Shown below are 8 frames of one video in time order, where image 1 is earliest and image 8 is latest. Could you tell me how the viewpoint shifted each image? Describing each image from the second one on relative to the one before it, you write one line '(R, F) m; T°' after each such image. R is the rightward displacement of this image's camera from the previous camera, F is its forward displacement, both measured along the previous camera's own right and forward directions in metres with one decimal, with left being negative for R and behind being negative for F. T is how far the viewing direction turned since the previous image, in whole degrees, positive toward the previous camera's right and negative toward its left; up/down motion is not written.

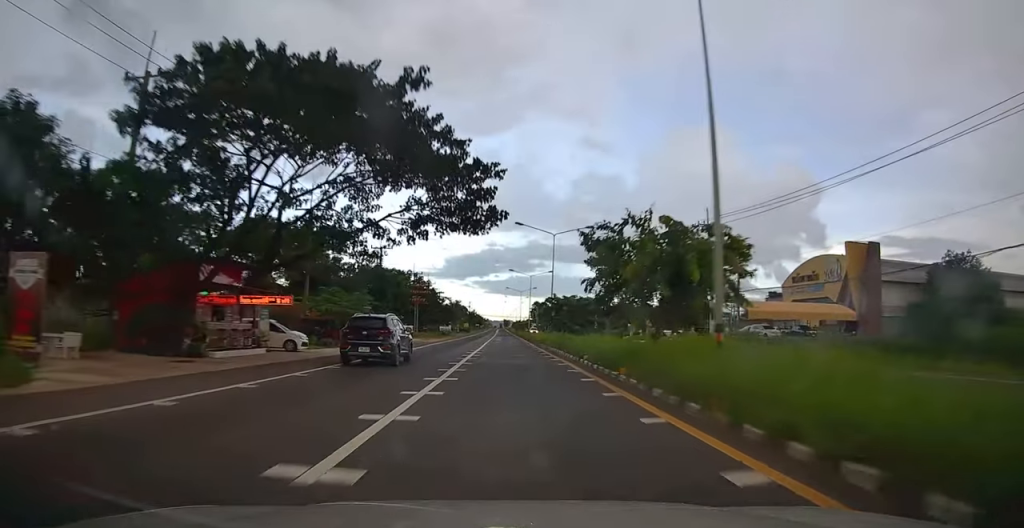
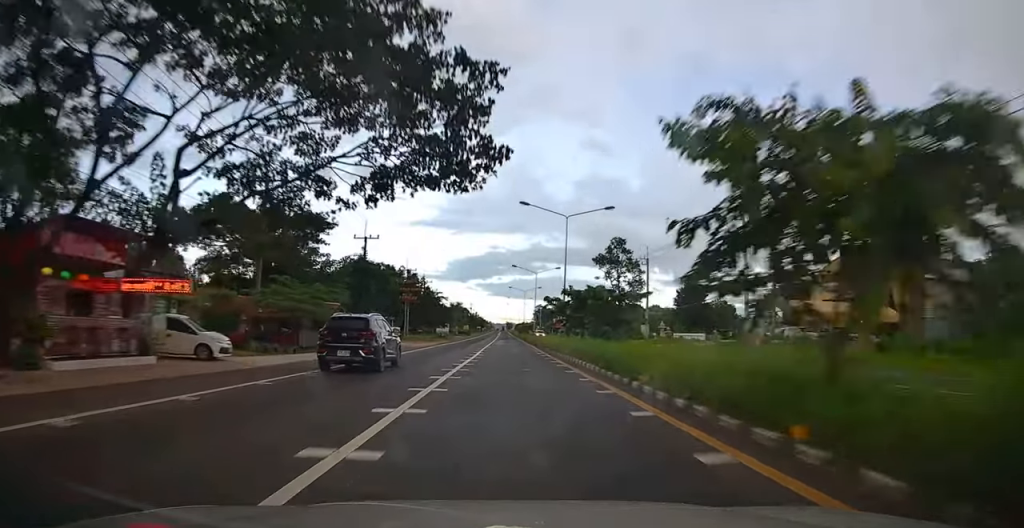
(+0.2, +8.3) m; 0°
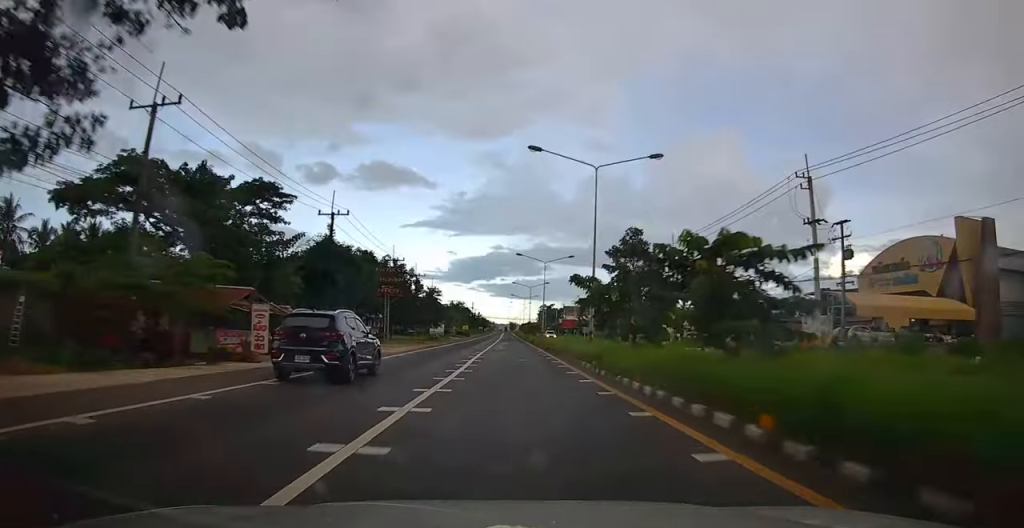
(+0.4, +11.8) m; 0°
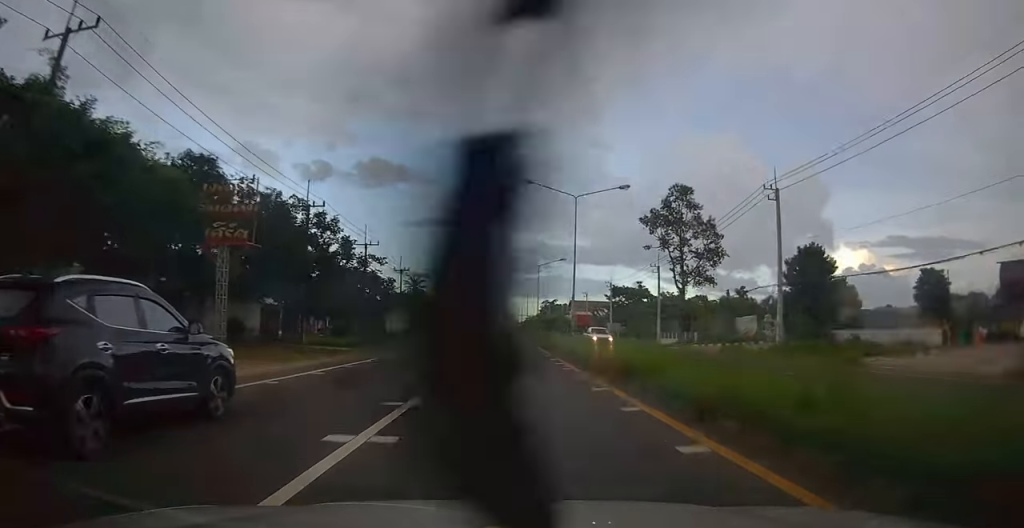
(-0.9, +29.7) m; -2°
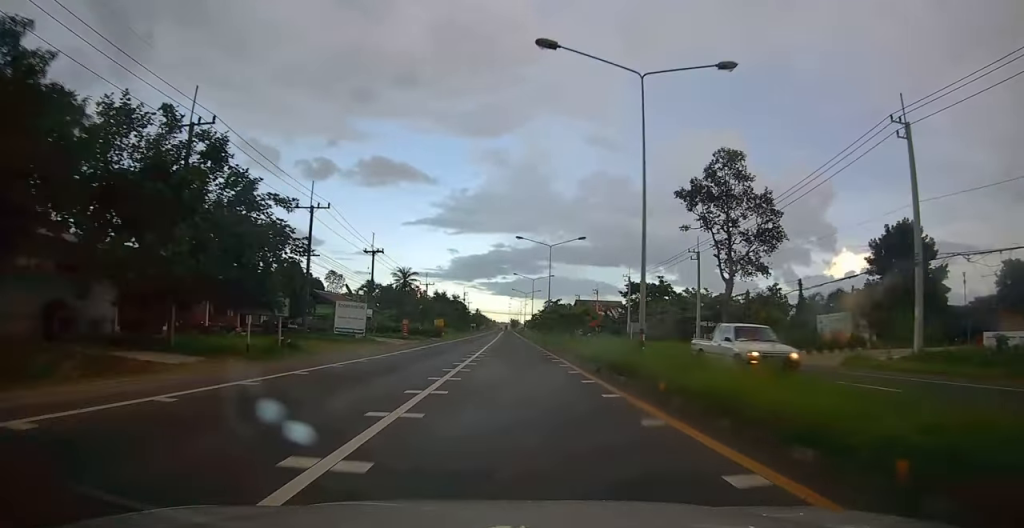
(0.0, +16.2) m; 0°
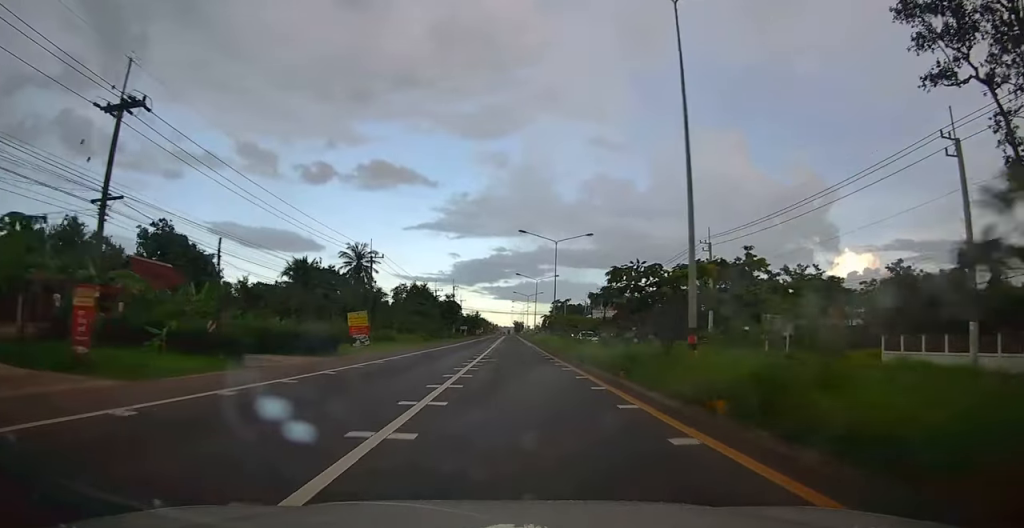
(-0.1, +40.1) m; +1°
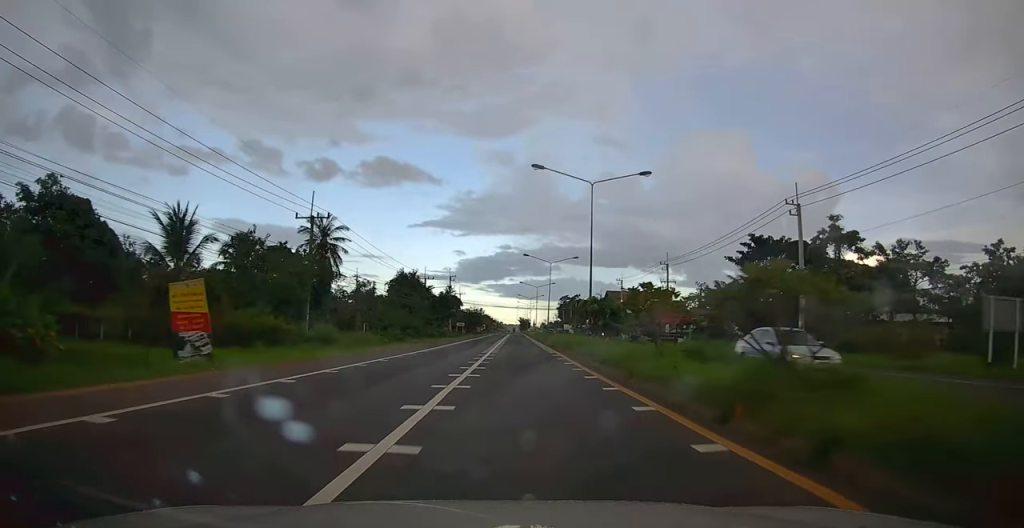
(+0.6, +18.9) m; 0°
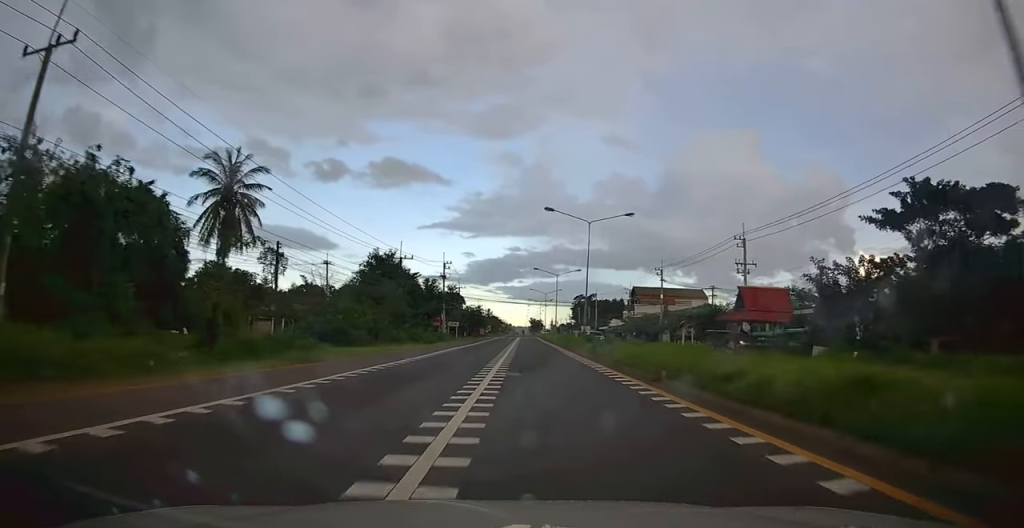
(-1.0, +25.7) m; -4°

= = = = =

#### [PROMPT]
When copying the listing, skip the pictures and keep each line exactly as written.

#### [ANSWER FOR THE TASK]
Shown below are 8 frames of one video in time order, where image 1 is earliest and image 8 is latest. Could you tell me how the viewpoint shifted each image? Describing each image from the second one on relative to the one before it, you write one line '(R, F) m; T°' after each such image. R is the rightward displacement of this image's camera from the previous camera, F is its forward displacement, both measured along the previous camera's own right and forward directions in metres with one decimal, with left being negative for R and behind being negative for F. T is how far the viewing direction turned since the previous image, in whole degrees, positive toward the previous camera's right and negative toward its left; up/down motion is not written.

(+0.2, +8.3) m; 0°
(+0.4, +11.8) m; 0°
(-0.9, +29.7) m; -2°
(0.0, +16.2) m; 0°
(-0.1, +40.1) m; +1°
(+0.6, +18.9) m; 0°
(-1.0, +25.7) m; -4°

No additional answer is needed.